I have a dataframe that looks something like this:
| Group | UPC | Description |
|---|---|---|
| 246 | 1234568 | Chips BBQ |
| 158 | 7532168 | Cereal Honey |
| 246 | 9876532 | Chips Ketchup |
| 665 | 8523687 | Strawberry Jam |
| 246 | 1234568 | Chips BBQ |
| 158 | 5553215 | Cereal Chocolate |
I want to replace the descriptions of the items with the most frequent description based on the group # or the first instance if there is a tie.
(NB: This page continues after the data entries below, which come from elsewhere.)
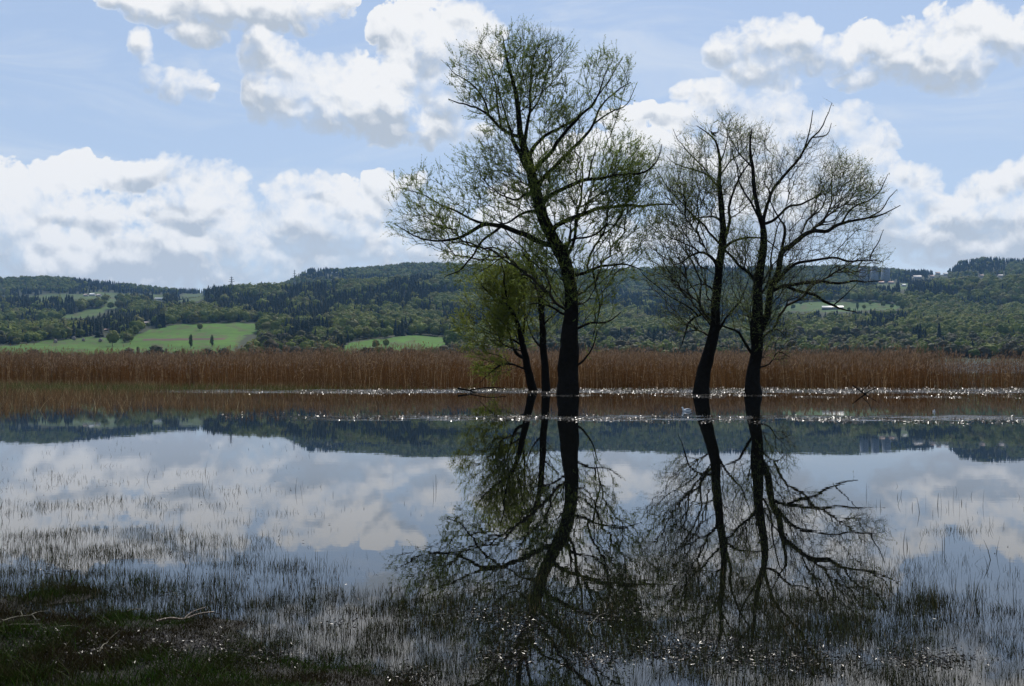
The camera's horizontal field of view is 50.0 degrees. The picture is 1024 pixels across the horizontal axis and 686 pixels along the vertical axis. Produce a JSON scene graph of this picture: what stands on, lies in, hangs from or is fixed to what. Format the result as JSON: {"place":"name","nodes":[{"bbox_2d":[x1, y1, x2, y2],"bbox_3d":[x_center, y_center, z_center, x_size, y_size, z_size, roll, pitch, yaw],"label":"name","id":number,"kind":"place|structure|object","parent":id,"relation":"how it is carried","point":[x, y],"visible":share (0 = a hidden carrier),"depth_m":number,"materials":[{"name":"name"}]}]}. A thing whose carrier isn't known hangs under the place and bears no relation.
{"place":"outdoors","nodes":[
{"label":"outdoors","id":0,"kind":"place"},
{"bbox_2d":[0,567,464,685],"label":"bank","id":1,"kind":"structure","parent":0,"point":[187,644],"depth_m":6.04,"materials":[{"name":"green plant"}]},
{"bbox_2d":[1,610,44,621],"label":"dead twig","id":2,"kind":"object","parent":1,"relation":"on","point":[24,615],"visible":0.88,"depth_m":6.76,"materials":[{"name":"grey wood"}]},
{"bbox_2d":[156,607,213,621],"bbox_3d":[-2.065,1.702,6.866,0.114,0.048,0.470,-1,-1,33],"label":"dead twig","id":3,"kind":"object","parent":1,"relation":"on","point":[167,618],"visible":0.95,"depth_m":6.86,"materials":[{"name":"grey wood"}]},
{"bbox_2d":[0,361,1023,685],"bbox_3d":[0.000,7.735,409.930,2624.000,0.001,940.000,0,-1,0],"label":"water","id":4,"kind":"structure","parent":0,"point":[642,489],"depth_m":12.39,"materials":[{"name":"blue liquid"}]},
{"bbox_2d":[458,387,505,392],"bbox_3d":[-1.496,2.359,54.736,2.375,0.326,0.790,0,-1,28],"label":"fallen branch","id":5,"kind":"object","parent":4,"relation":"in","point":[470,390],"visible":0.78,"depth_m":54.73,"materials":[{"name":"brown wood"}]},
{"bbox_2d":[446,239,544,391],"bbox_3d":[-0.833,-1.402,56.539,5.195,8.328,4.720,0,-1,27],"label":"willow tree","id":6,"kind":"object","parent":4,"relation":"in","point":[505,303],"visible":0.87,"depth_m":56.12,"materials":[{"name":"green plant"}]},
{"bbox_2d":[1,480,1010,685],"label":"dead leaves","id":7,"kind":"object","parent":4,"relation":"on","point":[513,652],"visible":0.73,"depth_m":6.11,"materials":[{"name":"brown plant"}]},
{"bbox_2d":[0,338,1023,385],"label":"reeds","id":8,"kind":"object","parent":4,"relation":"in","point":[632,367],"visible":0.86,"depth_m":77.94,"materials":[{"name":"brown plant"}]},
{"bbox_2d":[0,437,1023,685],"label":"rushes","id":9,"kind":"object","parent":4,"relation":"on","point":[934,599],"visible":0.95,"depth_m":6.96,"materials":[{"name":"green plant"}]},
{"bbox_2d":[0,377,1023,419],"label":"sedge","id":10,"kind":"object","parent":4,"relation":"on","point":[58,391],"visible":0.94,"depth_m":49.12,"materials":[{"name":"brown plant"}]},
{"bbox_2d":[11,385,1023,424],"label":"reed litter","id":11,"kind":"object","parent":4,"relation":"on","point":[664,388],"visible":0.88,"depth_m":51.27,"materials":[{"name":"brown"}]},
{"bbox_2d":[380,15,673,395],"bbox_3d":[0.801,-6.257,50.472,13.840,17.776,6.031,0,-1,0],"label":"willow tree","id":12,"kind":"object","parent":4,"relation":"in","point":[560,251],"visible":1,"depth_m":49.98,"materials":[{"name":"green plant"}]},
{"bbox_2d":[502,241,563,391],"bbox_3d":[1.322,-1.454,55.486,3.646,8.257,3.011,0,-1,0],"label":"willow tree","id":13,"kind":"object","parent":4,"relation":"in","point":[545,378],"visible":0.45,"depth_m":55.39,"materials":[{"name":"green plant"}]},
{"bbox_2d":[51,465,1016,597],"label":"water stalks","id":14,"kind":"object","parent":4,"relation":"in","point":[866,487],"visible":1,"depth_m":12.17,"materials":[{"name":"plant"}]},
{"bbox_2d":[628,109,778,394],"bbox_3d":[8.869,-4.319,51.521,7.073,14.072,4.764,0,-1,0],"label":"willow tree","id":15,"kind":"object","parent":4,"relation":"in","point":[702,379],"visible":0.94,"depth_m":51.33,"materials":[{"name":"black plant"}]},
{"bbox_2d":[656,98,899,395],"bbox_3d":[12.512,-4.467,50.383,11.478,14.222,5.141,0,-1,0],"label":"willow tree","id":16,"kind":"object","parent":4,"relation":"in","point":[759,322],"visible":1,"depth_m":50.10,"materials":[{"name":"black plant"}]},
{"bbox_2d":[852,378,876,393],"bbox_3d":[16.769,2.063,51.708,1.589,0.805,0.769,1,-1,-37],"label":"fallen branch","id":17,"kind":"object","parent":4,"relation":"in","point":[864,388],"visible":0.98,"depth_m":51.79,"materials":[{"name":"brown wood"}]},
{"bbox_2d":[0,0,1023,292],"bbox_3d":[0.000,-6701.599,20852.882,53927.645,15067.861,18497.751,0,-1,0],"label":"sky","id":18,"kind":"structure","parent":0,"point":[188,144],"depth_m":28363.21,"materials":[{"name":"blue"}]},
{"bbox_2d":[0,262,1023,360],"bbox_3d":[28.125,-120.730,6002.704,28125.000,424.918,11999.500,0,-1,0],"label":"ground","id":19,"kind":"structure","parent":0,"point":[225,334],"depth_m":1595.10,"materials":[{"name":"green plant"}]},
{"bbox_2d":[106,330,119,345],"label":"broadleaf tree","id":20,"kind":"object","parent":19,"relation":"on","point":[112,336],"visible":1,"depth_m":1283.06,"materials":[{"name":"green plant"}]},
{"bbox_2d":[149,345,164,356],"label":"bare shrub","id":21,"kind":"object","parent":19,"relation":"on","point":[157,348],"visible":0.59,"depth_m":975.63,"materials":[{"name":"green plant"}]},
{"bbox_2d":[188,334,192,347],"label":"poplar tree","id":22,"kind":"object","parent":19,"relation":"on","point":[190,341],"visible":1,"depth_m":1201.47,"materials":[{"name":"green plant"}]},
{"bbox_2d":[210,335,213,344],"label":"poplar tree","id":23,"kind":"object","parent":19,"relation":"on","point":[211,340],"visible":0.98,"depth_m":1233.07,"materials":[{"name":"green plant"}]},
{"bbox_2d":[217,348,230,358],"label":"bare shrub","id":24,"kind":"object","parent":19,"relation":"on","point":[222,349],"visible":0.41,"depth_m":923.79,"materials":[{"name":"green plant"}]},
{"bbox_2d":[290,346,299,356],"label":"bare shrub","id":25,"kind":"object","parent":19,"relation":"on","point":[292,349],"visible":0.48,"depth_m":951.37,"materials":[{"name":"green plant"}]},
{"bbox_2d":[322,343,337,352],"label":"broadleaf tree","id":26,"kind":"object","parent":19,"relation":"on","point":[328,345],"visible":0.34,"depth_m":977.85,"materials":[{"name":"green plant"}]},
{"bbox_2d":[372,339,379,346],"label":"broadleaf tree","id":27,"kind":"object","parent":19,"relation":"on","point":[374,343],"visible":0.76,"depth_m":1200.78,"materials":[{"name":"green plant"}]},
{"bbox_2d":[383,339,388,345],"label":"broadleaf tree","id":28,"kind":"object","parent":19,"relation":"on","point":[385,342],"visible":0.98,"depth_m":1244.55,"materials":[{"name":"green plant"}]},
{"bbox_2d":[439,345,448,355],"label":"bare shrub","id":29,"kind":"object","parent":19,"relation":"on","point":[443,347],"visible":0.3,"depth_m":943.06,"materials":[{"name":"green plant"}]},
{"bbox_2d":[446,329,463,342],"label":"broadleaf tree","id":30,"kind":"object","parent":19,"relation":"on","point":[453,335],"visible":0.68,"depth_m":1153.11,"materials":[{"name":"green plant"}]},
{"bbox_2d":[456,345,467,353],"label":"bare shrub","id":31,"kind":"object","parent":19,"relation":"on","point":[462,348],"visible":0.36,"depth_m":960.20,"materials":[{"name":"green plant"}]},
{"bbox_2d":[462,332,477,341],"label":"broadleaf tree","id":32,"kind":"object","parent":19,"relation":"on","point":[467,336],"visible":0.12,"depth_m":1141.37,"materials":[{"name":"green plant"}]},
{"bbox_2d":[0,293,1023,339],"bbox_3d":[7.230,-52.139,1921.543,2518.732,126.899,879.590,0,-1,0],"label":"slope wood","id":33,"kind":"object","parent":19,"relation":"on","point":[429,315],"visible":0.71,"depth_m":1807.95,"materials":[{"name":"green plant"}]},
{"bbox_2d":[0,272,1023,316],"bbox_3d":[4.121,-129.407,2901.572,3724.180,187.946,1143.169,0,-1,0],"label":"hillside wood","id":34,"kind":"object","parent":19,"relation":"on","point":[986,291],"visible":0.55,"depth_m":2663.27,"materials":[{"name":"green plant"}]},
{"bbox_2d":[0,324,1023,358],"bbox_3d":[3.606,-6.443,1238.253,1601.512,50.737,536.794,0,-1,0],"label":"lakeside wood","id":35,"kind":"object","parent":19,"relation":"on","point":[336,335],"visible":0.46,"depth_m":1285.31,"materials":[{"name":"green plant"}]},
{"bbox_2d":[0,256,1023,299],"bbox_3d":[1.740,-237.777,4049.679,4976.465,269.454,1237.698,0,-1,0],"label":"ridge wood","id":36,"kind":"object","parent":19,"relation":"on","point":[12,284],"visible":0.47,"depth_m":4103.50,"materials":[{"name":"green plant"}]},
{"bbox_2d":[619,345,629,354],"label":"broadleaf tree","id":37,"kind":"object","parent":19,"relation":"on","point":[620,349],"visible":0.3,"depth_m":973.10,"materials":[{"name":"green plant"}]},
{"bbox_2d":[628,344,639,351],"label":"bare shrub","id":38,"kind":"object","parent":19,"relation":"on","point":[635,346],"visible":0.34,"depth_m":969.78,"materials":[{"name":"green plant"}]},
{"bbox_2d":[669,347,680,354],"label":"bare shrub","id":39,"kind":"object","parent":19,"relation":"on","point":[672,351],"visible":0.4,"depth_m":915.74,"materials":[{"name":"green plant"}]},
{"bbox_2d":[774,344,786,351],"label":"bare shrub","id":40,"kind":"object","parent":19,"relation":"on","point":[782,345],"visible":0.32,"depth_m":936.90,"materials":[{"name":"green plant"}]},
{"bbox_2d":[821,306,843,309],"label":"farm hall","id":41,"kind":"structure","parent":19,"relation":"on","point":[827,308],"depth_m":2380.59,"materials":[{"name":"paint"}]},
{"bbox_2d":[838,344,850,354],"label":"bare shrub","id":42,"kind":"object","parent":19,"relation":"on","point":[844,345],"visible":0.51,"depth_m":960.53,"materials":[{"name":"green plant"}]},
{"bbox_2d":[859,267,867,280],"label":"apartment tower","id":43,"kind":"structure","parent":19,"relation":"on","point":[866,269],"depth_m":3741.33,"materials":[{"name":"paint"}]},
{"bbox_2d":[858,345,869,354],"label":"bare shrub","id":44,"kind":"object","parent":19,"relation":"on","point":[860,347],"visible":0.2,"depth_m":945.02,"materials":[{"name":"green plant"}]},
{"bbox_2d":[871,266,877,281],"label":"apartment tower","id":45,"kind":"structure","parent":19,"relation":"on","point":[874,275],"depth_m":3783.58,"materials":[{"name":"paint"}]},
{"bbox_2d":[869,345,880,354],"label":"bare shrub","id":46,"kind":"object","parent":19,"relation":"on","point":[876,348],"visible":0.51,"depth_m":947.70,"materials":[{"name":"green plant"}]},
{"bbox_2d":[881,268,889,281],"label":"apartment tower","id":47,"kind":"structure","parent":19,"relation":"on","point":[886,278],"depth_m":3809.31,"materials":[{"name":"paint"}]},
{"bbox_2d":[902,344,915,355],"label":"bare shrub","id":48,"kind":"object","parent":19,"relation":"on","point":[906,348],"visible":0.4,"depth_m":956.17,"materials":[{"name":"green plant"}]},
{"bbox_2d":[916,328,921,340],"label":"spruce tree","id":49,"kind":"object","parent":19,"relation":"on","point":[919,335],"visible":0.45,"depth_m":1309.23,"materials":[{"name":"green plant"}]},
{"bbox_2d":[916,343,929,354],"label":"broadleaf tree","id":50,"kind":"object","parent":19,"relation":"on","point":[924,346],"visible":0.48,"depth_m":912.30,"materials":[{"name":"green plant"}]},
{"bbox_2d":[928,343,937,358],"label":"bare shrub","id":51,"kind":"object","parent":19,"relation":"on","point":[931,346],"visible":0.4,"depth_m":960.13,"materials":[{"name":"green plant"}]},
{"bbox_2d":[936,322,941,337],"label":"spruce tree","id":52,"kind":"object","parent":19,"relation":"on","point":[939,334],"visible":0.59,"depth_m":1376.90,"materials":[{"name":"green plant"}]},
{"bbox_2d":[942,343,960,358],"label":"bare shrub","id":53,"kind":"object","parent":19,"relation":"on","point":[954,347],"visible":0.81,"depth_m":939.06,"materials":[{"name":"green plant"}]},
{"bbox_2d":[962,345,975,358],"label":"bare shrub","id":54,"kind":"object","parent":19,"relation":"on","point":[967,349],"visible":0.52,"depth_m":971.85,"materials":[{"name":"green plant"}]},
{"bbox_2d":[968,349,979,358],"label":"broadleaf tree","id":55,"kind":"object","parent":19,"relation":"on","point":[973,352],"visible":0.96,"depth_m":949.75,"materials":[{"name":"green plant"}]},
{"bbox_2d":[976,346,990,358],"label":"bare shrub","id":56,"kind":"object","parent":19,"relation":"on","point":[984,350],"visible":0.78,"depth_m":971.22,"materials":[{"name":"green plant"}]},
{"bbox_2d":[986,344,999,357],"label":"broadleaf tree","id":57,"kind":"object","parent":19,"relation":"on","point":[994,348],"visible":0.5,"depth_m":980.31,"materials":[{"name":"green plant"}]},
{"bbox_2d":[1001,341,1015,358],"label":"bare shrub","id":58,"kind":"object","parent":19,"relation":"on","point":[1010,345],"visible":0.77,"depth_m":953.32,"materials":[{"name":"green plant"}]},
{"bbox_2d":[1010,345,1023,355],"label":"bare shrub","id":59,"kind":"object","parent":19,"relation":"on","point":[1018,350],"visible":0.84,"depth_m":912.66,"materials":[{"name":"green plant"}]},
{"bbox_2d":[913,275,921,278],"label":"house","id":60,"kind":"structure","parent":0,"point":[917,276],"depth_m":4018.31,"materials":[{"name":"paint"}]}
]}

So in the example above: Chips Ketchup (1 instance) is replaced with Chips BBQ (2 instances) And Cereal Chocolate is replaced with Cereal Honey (First Instance).
Desired output would be:
| Group | UPC | Description |
|---|---|---|
| 246 | 1234568 | Chips BBQ |
| 158 | 7532168 | Cereal Honey |
| 246 | 9876532 | Chips BBQ |
| 665 | 8523687 | Strawberry Jam |
| 246 | 1234568 | Chips BBQ |
| 158 | 5553215 | Cereal Honey |
If this is too complicated I can settle for replacing with simply the first instance without taking frequency into consideration at all.
Thanks in advance
CodePudding user response:
You can use
df['Description'] = df.groupby('Group')['Description'].transform(lambda s: s.value_counts().index[0])
It seems like Series.value_counts (unlike Series.mode, which I also tried) orders elements that occur the same number of times by their first occurence. This behavior is not documented so I'm not sure you can rely on it.